Title: Re: Timed on #1 or #4 cyl?
Post by: keith m 131 on December 20, 2012, 09:36:54 AM
Good morning Theo, another day, another brain storming session.

This morning I will re-instate the pedal hook but I will fit it a little higher, that can only help.

In reply to your last post, looking back at the problem I started with I think that the cable is too short, now whether its a problem with the inner or outer, well Im not sure.

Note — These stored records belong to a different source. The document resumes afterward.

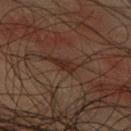No biopsy was performed on this lesion — it was imaged during a full skin examination and was not determined to be concerning. The total-body-photography lesion software estimated a mean CIELAB color near L≈20 a*≈15 b*≈18, a lesion–skin lightness drop of about 6, and a normalized lesion–skin contrast near 7. A male subject aged 48 to 52. Imaged with cross-polarized lighting. Cropped from a total-body skin-imaging series; the visible field is about 15 mm. From the upper back. The recorded lesion diameter is about 2.5 mm.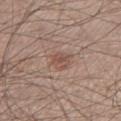The lesion was photographed on a routine skin check and not biopsied; there is no pathology result.
A 15 mm close-up extracted from a 3D total-body photography capture.
The lesion is located on the left lower leg.
A male subject, aged around 60.
Longest diameter approximately 3.5 mm.
The tile uses white-light illumination.
Automated image analysis of the tile measured a color-variation rating of about 2.5/10 and radial color variation of about 1.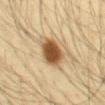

Previously If I set the height ( block of wood underneath) of the pedal to say match the brake pedal then I had to pull the actuator arm forward to enable me to get the threaded cable end through the arm and get the lock nut on. When I removed the block of wood the pedal would drop approx half the distance to the floor. In this position I could not engage any gears so I would have to use both the adjustors to get the clutch to work but having to do this resulted in the release bearing being in constant contact with the pressure plate fingers, no freeplay.

As I said this morning I will put it back and set it up as you recommend and let you know my findings.

keith


Title: Re: Timed on #1 or #4 cyl?
Post by: keith m 131 on December 20, 2012, 01:48:13 PM
Update..

Hi Theo

I put the clutch cable eye hook back to the original vertical position although I have raised it 10mm higher, thats the max I could go because the sleeve that slides through the bulkhead would interfere with the cable and cause chaffing.

I have taken a number of photos showing the different positions that I have tried the cable in regarding adjustment.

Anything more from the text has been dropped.